* [WHAT TO PRODUCE] Your answer consists of the lines in the data that contain "class". Copy each of them.

* [DATASET]
┄┄┄┄┄┄┄┄┄┄┄┄┄┄┄┄┄┄┄┄

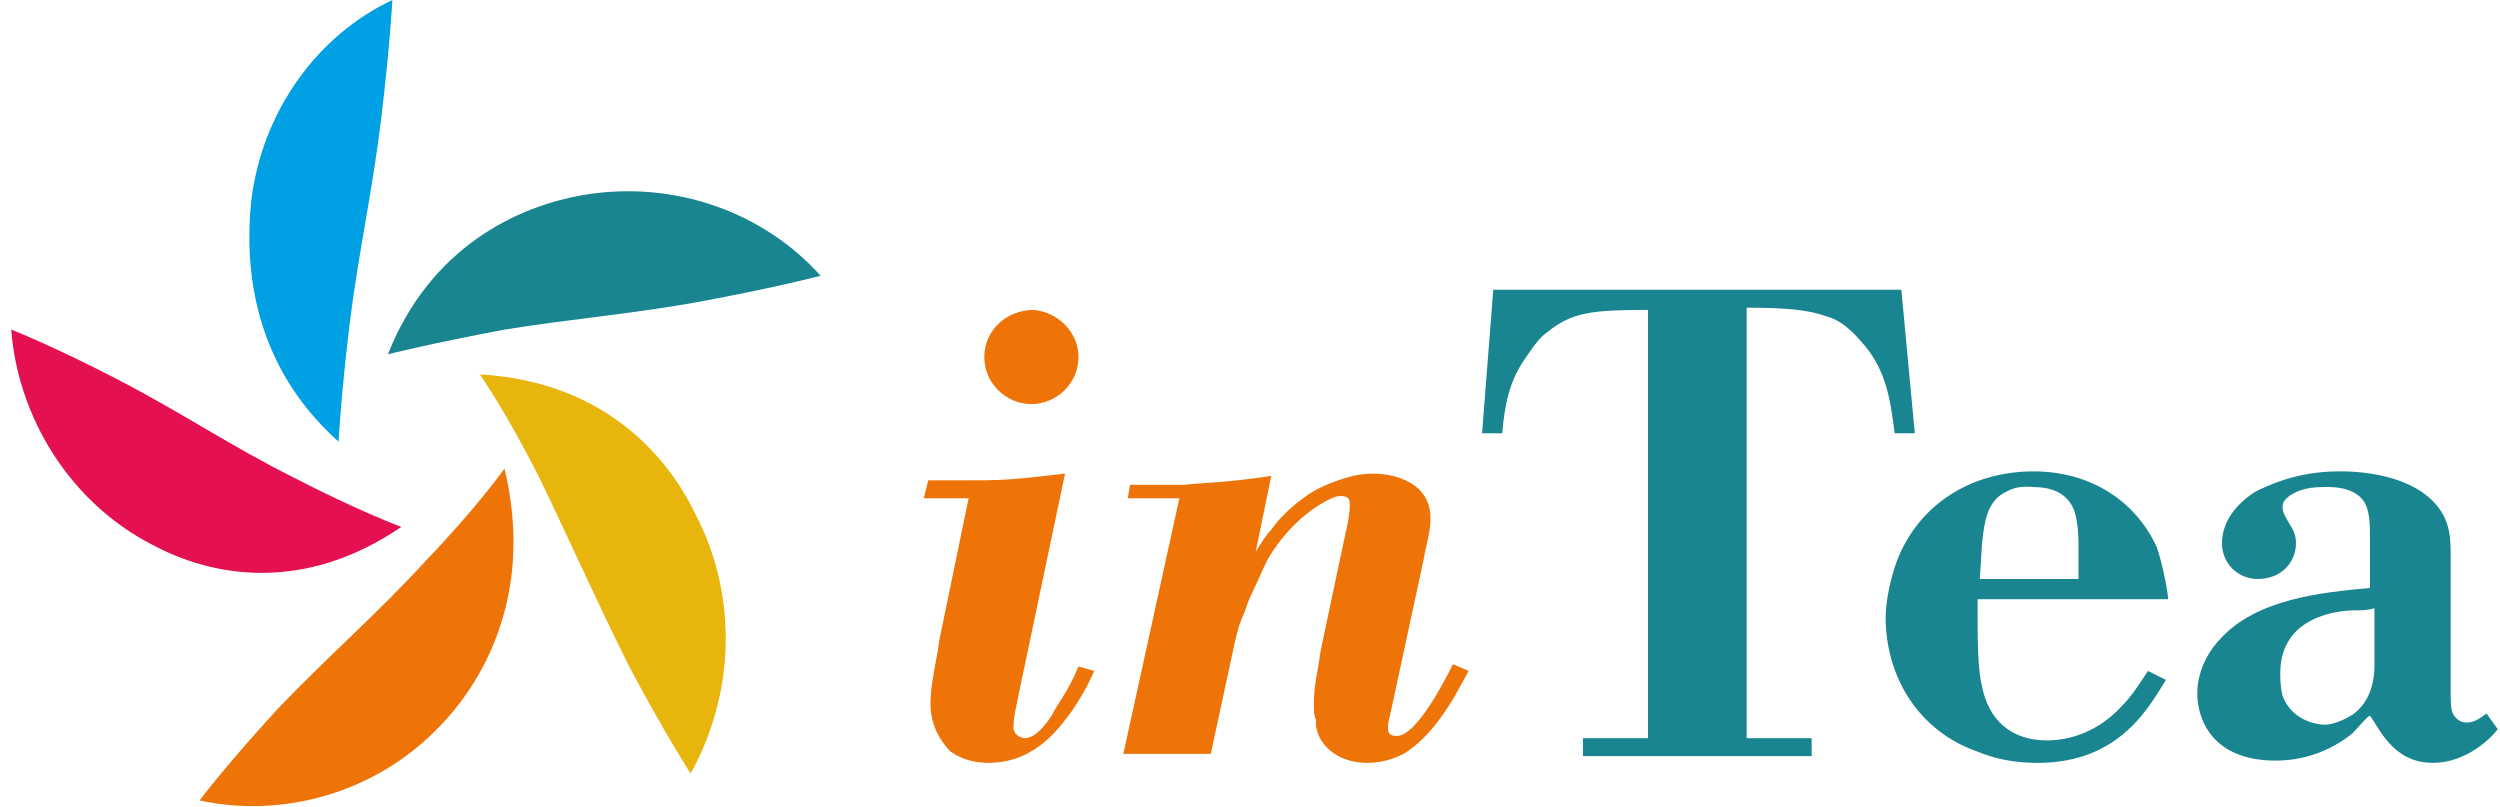 <?xml version="1.0" encoding="utf-8"?>
<!-- Generator: Adobe Illustrator 25.0.0, SVG Export Plug-In . SVG Version: 6.00 Build 0)  -->
<svg version="1.1" id="Livello_1" xmlns="http://www.w3.org/2000/svg" xmlns:xlink="http://www.w3.org/1999/xlink" x="0px" y="0px"
	 width="111.5px" height="36px" viewBox="0 0 111.5 36" style="enable-background:new 0 0 111.5 36;" xml:space="preserve">
<style type="text/css">
	.st0{fill:#EE7408;}
	.st1{fill:#198590;}
	.st2{fill-rule:evenodd;clip-rule:evenodd;fill:#00A1E4;}
	.st3{fill-rule:evenodd;clip-rule:evenodd;fill:#198590;}
	.st4{fill-rule:evenodd;clip-rule:evenodd;fill:#E8B50C;}
	.st5{fill-rule:evenodd;clip-rule:evenodd;fill:#EE7408;}
	.st6{fill-rule:evenodd;clip-rule:evenodd;fill:#E4104F;}
</style>
<g id="Page-1">
	<g id="Main-Page-Copy" transform="translate(-33, -19)">
		<g id="Logo" transform="translate(33, 19)">
			<g id="Group-11" transform="translate(0.5, 0)">
				<g id="inTea" transform="translate(40.7, 12.923)">
					<path id="in" class="st0" d="M4.8,5.1c1.1,0,2.1-0.9,2.1-2.1c0-1.1-0.9-2-2-2.1C3.7,0.9,2.7,1.8,2.7,3C2.7,4.2,3.7,5.1,4.8,5.1
						z M2.9,21.1c2.2,0,3.3-1.8,3.7-2.3c0.4-0.6,0.7-1.1,1-1.8l-0.7-0.2c-0.5,1.2-0.9,1.6-1.2,2.2c-0.4,0.6-0.8,1-1.2,1
						c-0.1,0-0.5-0.1-0.5-0.5c0-0.5,0.2-1.2,0.2-1.3l2.1-10C3.8,8.5,3.3,8.5,2,8.5H0.2L0,9.3h2l-1.3,6.3c-0.1,0.8-0.4,2-0.4,2.8
						l0,0.1c0,0.4,0.1,1.3,0.9,2.1C1.5,20.8,2,21.1,2.9,21.1z M19.8,21.1c0.8,0,1.4-0.3,1.6-0.4c1.3-0.8,2.1-2.3,2.3-2.6
						c0.2-0.4,0.4-0.7,0.6-1.1l-0.7-0.3c-0.3,0.6-1.6,3.2-2.5,3.2c-0.3,0-0.4-0.1-0.4-0.4c0-0.2,0.1-0.5,0.2-1l1.4-6.5
						c0.1-0.6,0.3-1.2,0.3-1.8c0-1.9-2.2-2-2.5-2c-0.2,0-0.7,0-1.3,0.2c-0.7,0.2-1.3,0.5-1.6,0.7c-0.6,0.4-1.3,1-1.7,1.6
						c-0.2,0.2-0.4,0.5-0.7,1l0.7-3.4c-1.9,0.3-3,0.3-3.9,0.4H9.2L9.1,9.3h2.3L8.9,20.7h3.9l1.1-5.1c0.1-0.4,0.2-0.8,0.4-1.2
						c0.1-0.3,0.2-0.6,0.4-1c0.2-0.4,0.4-0.9,0.6-1.3c0.2-0.4,1.1-1.8,2.5-2.6c0.2-0.1,0.5-0.3,0.8-0.3c0.4,0,0.4,0.2,0.4,0.4
						c0,0.4-0.1,0.9-0.2,1.3l-1.1,5.2c-0.1,0.8-0.3,1.5-0.3,2.3c0,0.4,0,0.6,0.1,0.8C17.4,19.9,18.1,21.1,19.8,21.1z"/>
					<path id="Tea" class="st1" d="M39.6,20.7V20h-2.9V0.8c1.8,0,2.8,0.1,3.6,0.4c0.4,0.1,0.9,0.4,1.5,1.1c1.1,1.2,1.3,2.5,1.5,4.1
						h0.9L43.6,0H25.4l-0.5,6.4h0.9c0.1-1.2,0.3-2.3,1-3.3c0.4-0.6,0.7-1,1-1.2c1.1-0.9,2-1,4.5-1l0,19.1h-2.9v0.8H39.6z M49.7,21.1
						c3.7,0,5-2.6,5.7-3.7L54.6,17c-0.4,0.6-0.7,1.1-1.2,1.6c-1.2,1.3-2.6,1.5-3.3,1.5c-1.6,0-2.6-0.9-2.9-2.4
						c-0.2-0.8-0.2-2-0.2-3.9h8.5c0-0.2-0.2-1.4-0.5-2.3c-1-2.2-3.1-3.4-5.5-3.4c-2.7,0-5.1,1.4-6.1,4c-0.4,1.1-0.5,2.1-0.5,2.5
						c0,2.7,1.5,5.1,4.1,6C48.2,21.1,49.3,21.1,49.7,21.1z M51.6,12.9h-4.5l0.1-1.6c0.1-0.9,0.2-1.9,1.1-2.3
						c0.5-0.3,1.1-0.2,1.2-0.2c1.4,0,1.8,0.8,1.9,1.4c0.1,0.5,0.1,1,0.1,1.1V12.9z M67.3,21.1c1.5,0,2.6-1.1,2.9-1.5l-0.5-0.7
						c-0.4,0.3-0.6,0.4-0.9,0.4c-0.3,0-0.5-0.2-0.6-0.4c-0.1-0.2-0.1-0.5-0.1-1.1V12c0-0.7,0-1.3-0.3-1.9c-1.1-2.1-4.5-2-4.7-2
						c-1.8,0-3.1,0.6-3.7,0.9c-0.8,0.5-1.5,1.3-1.5,2.3c0,0.9,0.7,1.6,1.6,1.6c1,0,1.7-0.7,1.7-1.6c0-0.1,0-0.4-0.2-0.7
						c-0.1-0.2-0.4-0.6-0.4-0.9c0-0.3,0.2-0.4,0.3-0.5c0.3-0.2,0.7-0.4,1.5-0.4c0.1,0,1.3-0.1,1.8,0.6c0.3,0.4,0.3,1.1,0.3,1.6v2.3
						c-2.2,0.2-5.1,0.5-6.7,2.3c-0.3,0.3-1,1.2-1,2.4c0,1.2,0.7,3,3.5,3c1.2,0,2.4-0.4,3.4-1.2c0.3-0.3,0.7-0.8,0.8-0.8
						C64.9,19.5,65.5,21.1,67.3,21.1z M62.5,19.4c-0.4,0-1.5-0.2-1.9-1.3c-0.1-0.4-0.1-0.8-0.1-1c0-2.6,2.7-2.8,3.3-2.8
						c0.3,0,0.6,0,0.9-0.1v2.3c0,0.3,0.1,1.6-0.9,2.4C63.2,19.3,62.7,19.4,62.5,19.4z"/>
				</g>
				<g id="Group-2-Copy">
					<path id="Fill-1" class="st2" d="M10.7,9c0.5-4.2,3.1-7.5,6.3-9c0,0-0.1,2-0.5,5.3c-0.4,3.3-1,5.9-1.4,9.1
						c-0.4,3.3-0.5,5.3-0.5,5.3C10.8,16.3,10.4,12,10.7,9"/>
					<path id="Fill-4" class="st3" d="M25.5,8.7c4.1-0.7,8.1,0.8,10.6,3.6c0,0-1.9,0.5-5.1,1.1c-3.2,0.6-5.9,0.8-9,1.3
						c-3.2,0.6-5.2,1.1-5.2,1.1C18.7,11,22.6,9.2,25.5,8.7"/>
					<path id="Fill-6" class="st4" d="M30.5,22.9c2,3.8,1.7,8.2-0.2,11.6c0,0-1.1-1.7-2.7-4.7c-1.5-3-2.6-5.5-4-8.4
						c-1.5-3-2.7-4.7-2.7-4.7C26.3,17,29.2,20.2,30.5,22.9"/>
					<path id="Fill-8" class="st5" d="M19.2,32.3c-2.9,3.1-7.1,4.2-10.8,3.4c0,0,1.2-1.6,3.5-4.1c2.3-2.4,4.4-4.2,6.6-6.6
						c2.3-2.4,3.5-4.1,3.5-4.1C23.3,26.3,21.2,30.2,19.2,32.3"/>
					<path id="Fill-11" class="st6" d="M6.3,24.3c-3.7-1.9-6-5.7-6.3-9.6c0,0,1.8,0.7,4.7,2.2c2.9,1.5,5.1,3,7.9,4.4
						c2.9,1.5,4.8,2.2,4.8,2.2C13,26.5,8.9,25.7,6.3,24.3"/>
				</g>
			</g>
		</g>
	</g>
</g>
</svg>

┄┄┄┄┄┄┄┄┄┄┄┄┄┄┄┄┄┄┄┄

* [EXPECTED ANSWER]
					<path id="in" class="st0" d="M4.8,5.1c1.1,0,2.1-0.9,2.1-2.1c0-1.1-0.9-2-2-2.1C3.7,0.9,2.7,1.8,2.7,3C2.7,4.2,3.7,5.1,4.8,5.1
					<path id="Tea" class="st1" d="M39.6,20.7V20h-2.9V0.8c1.8,0,2.8,0.1,3.6,0.4c0.4,0.1,0.9,0.4,1.5,1.1c1.1,1.2,1.3,2.5,1.5,4.1
					<path id="Fill-1" class="st2" d="M10.7,9c0.5-4.2,3.1-7.5,6.3-9c0,0-0.1,2-0.5,5.3c-0.4,3.3-1,5.9-1.4,9.1
					<path id="Fill-4" class="st3" d="M25.5,8.7c4.1-0.7,8.1,0.8,10.6,3.6c0,0-1.9,0.5-5.1,1.1c-3.2,0.6-5.9,0.8-9,1.3
					<path id="Fill-6" class="st4" d="M30.5,22.9c2,3.8,1.7,8.2-0.2,11.6c0,0-1.1-1.7-2.7-4.7c-1.5-3-2.6-5.5-4-8.4
					<path id="Fill-8" class="st5" d="M19.2,32.3c-2.9,3.1-7.1,4.2-10.8,3.4c0,0,1.2-1.6,3.5-4.1c2.3-2.4,4.4-4.2,6.6-6.6
					<path id="Fill-11" class="st6" d="M6.3,24.3c-3.7-1.9-6-5.7-6.3-9.6c0,0,1.8,0.7,4.7,2.2c2.9,1.5,5.1,3,7.9,4.4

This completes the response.